Join us in returning to NYC on June 5th to collaborate with executive leaders in exploring comprehensive methods for auditing AI models regarding bias, performance, and ethical compliance across diverse organizations. Find out how you can attend here.
As competition in the generative AI field shifts toward multimodal models, Meta has released a preview of what can be its answer to the models released by frontier labs. Chameleon, its new family of models, has been designed to be natively multi-modal instead of putting together components with different modalities.
While Meta has not released the models yet, their reported experiments show that Chameleon achieves state-of-the-art performance in various tasks, including image captioning and visual question answering (VQA), while remaining competitive in text-only tasks.
The architecture of Chameleon can unlock new AI applications that require a deep understanding of both visual and textual information.
Early-fusion multimodal models
The popular way to create multimodal foundation models is to patch together models that have been trained for different modalities. This approach is called “late fusion,” in which the AI system receives different modalities, encodes them with separate models and then fuses the encodings for inference. While late fusion works well, it limits the ability of the models to integrate information across modalities and generate sequences of interleaved images and text.
Chameleon uses an “early-fusion token-based mixed-modal” architecture, which means it has been designed from the ground up to learn from an interleaved mixture of images, text, code and other modalities. Chameleon transforms images into discrete tokens, as language models do with words. It also uses a unified vocabulary that consists of text, code and image tokens. This makes it possible to apply the same transformer architecture to sequences that contain both image and text tokens.
According to the researchers, the most similar model to Chameleon is Google Gemini, which also uses an early-fusion token-based approach.
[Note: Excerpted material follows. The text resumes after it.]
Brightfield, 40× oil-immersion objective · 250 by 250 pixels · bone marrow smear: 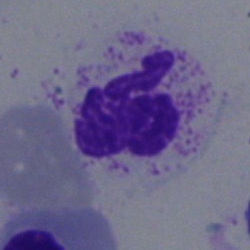 {"cell_type": "neutrophil (segmented)"}

However, Gemini uses separate image decoders in the generation phase, whereas Chameleon is an end-to-end model that both processes and generates tokens.
“Chameleon’s unified token space allows it to seamlessly reason over and generate interleaved image and text sequences, without the need for modality-specific components,” the researchers write.
While early fusion is very appealing, it presents significant challenges when training and scaling the model. To overcome these challenges, the researchers employed a series of architectural modifications and training techniques. In their paper, they share the details about the different experiments and their effects on the model.
The training of Chameleon takes place in two stages, with a dataset containing 4.4 trillion tokens of text, image-text pairs, and sequences of text and images interleaved. The researchers trained a 7-billion- and 34-billion-parameter version of Chameleon on more than 5 million hours of Nvidia A100 80GB GPUs.
Chameleon in action
According to the experiments reported in the paper, Chameleon can perform a diverse set of text-only and multimodal tasks. On visual question answering (VQA) and image captioning benchmarks, Chameleon-34B achieves state-of-the-art performance, outperforming models like Flamingo, IDEFICS and Llava-1.5.
According to the researchers, Chameleon matches the performance of other models with “much fewer in-context training examples and with smaller model sizes, in both pre-trained and fine-tuned model evaluations.”
One of the tradeoffs of multimodality is a performance drop in single-modality requests. For example, vision-language models tend to have lower performance on text-only prompts. But Chameleon remains competitive on text-only benchmarks, matching models like Mixtral 8x7B and Gemini-Pro on commonsense reasoning and reading comprehension tasks.
Interestingly, Chameleon can unlock new capabilities for mixed-modal reasoning and generation, especially when the prompts expect mixed-modal responses with text and images interleaved. Experiments with human-evaluated responses show that overall, users preferred the multimodal documents generated by Chameleon.
In the past week, both OpenAI and Google revealed new models that provide rich multimodal experiences. However, they have not released much detail on the models. If Meta continues to follow its playbook and release the weights for Chameleon, it could become an open alternative to private models.
Early fusion can also inspire new directions for research on more advanced models, especially as more modalities are added to the mix. For example, robotics startups are already experimenting with the integration of language models into robotics control systems. It will be interesting to see how early fusion can also improve robotics foundation models.
“Chameleon represents a significant step towards realizing the vision of unified foundation models capable of flexibly reasoning over and generating multimodal content,” the researchers write.